By John Ikani
Senegal signed a peace deal on Thursday with rebels from the country’s southern province of Casamance who pledged to lay down their arms and work towards a permanent peace in the home of one of Africa’s oldest active rebellions.
Casamance, Senegal’s southernmost region, is almost separated from the rest of the country by the tiny state of The Gambia. It has a distinct culture and language derived from its past as a former Portuguese colony.
Rebel leader Cesar Atoute Badiate, head of a unit of the Movement of Democratic Forces of Casamance (MFDC), and an emissary of Senegalese President Macky Sall signed the peace deal in Guinea-Bissau.

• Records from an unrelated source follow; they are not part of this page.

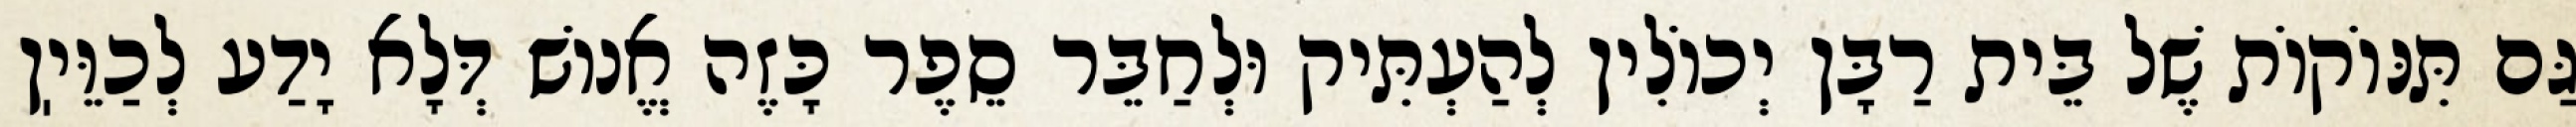
גַּם תִּנּוֹקוֹת שֶׁל בֵּית רַבָּן יְכוֹלִין לְהַעְתִּיק וּלְחַבֵּר סֵפֶר כָּזֶה אֱנוֹשׁ דְּלָא יָדַע לְכַוֵּיֽן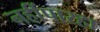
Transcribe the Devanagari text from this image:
नहींपारहा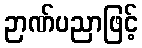
ဉာဏ်ပညာဖြင့်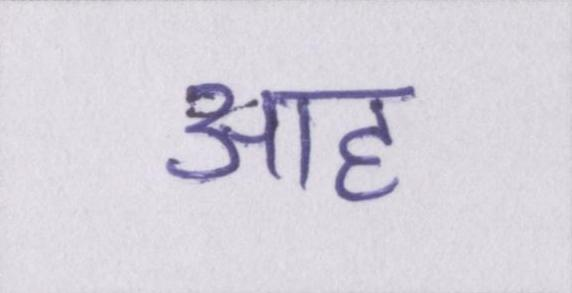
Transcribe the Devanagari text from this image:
आह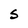
Character: S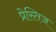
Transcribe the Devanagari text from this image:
प्रेस्तिज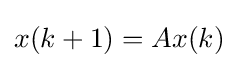
x(k+1)=Ax(k)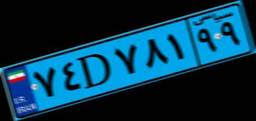
۴۱D۵۸۱۰۸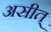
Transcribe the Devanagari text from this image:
असीत्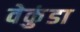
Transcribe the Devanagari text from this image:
वेकुंडा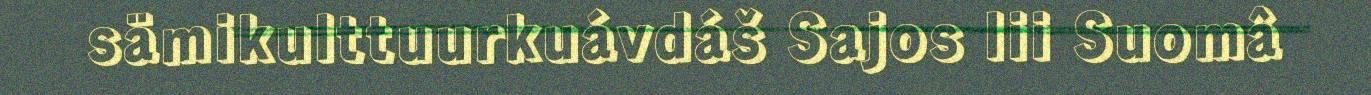
sämikulttuurkuávdáš Sajos lii Suomâ

Back home in Senegal, more than 10,000 people, many of them waving Senegalese flags, gathered in a public square in the main Casamance city of Ziguinchor Thursday to witness the televised signing of the peace agreement.
Some of the several dozen former rebels attending had not been to Ziguinchor since the start of their insurgency in 1982.
The Senegalese President, Macky Sall, welcomed the agreement and thanked the President of Guinea-Bissau, Umaro Sissoco Embalo, for mediating.
He shared pictures of the signing event on Twitter:
Je salue l’Accord de paix et de dépôt des armes signé ce 4 août à Bissau entre le Sénégal et le Comité Provisoire des Ailes politiques et combattantes du MFDC. Je reste engagé pour la consolidation de la paix durable en Casamance. Je remercie le Prsdt @USEmbalo pour sa médiation. pic.twitter.com/s9AVJ2MJDr
— Macky Sall (@Macky_Sall) August 4, 2022
A separatist insurgency by the MFDC has resulted in several thousand deaths since 1982, although the conflict was mostly dormant until Senegal launched a major offensive last year to drive out the rebels.
In a clash on January 24, four Senegalese soldiers were killed and seven were captured alive and taken across the border to The Gambia. The rebels released the hostages the following month.
In March, the army launched a new operation in which it claimed to have destroyed several rebel bases for the loss of one soldier and eight wounded.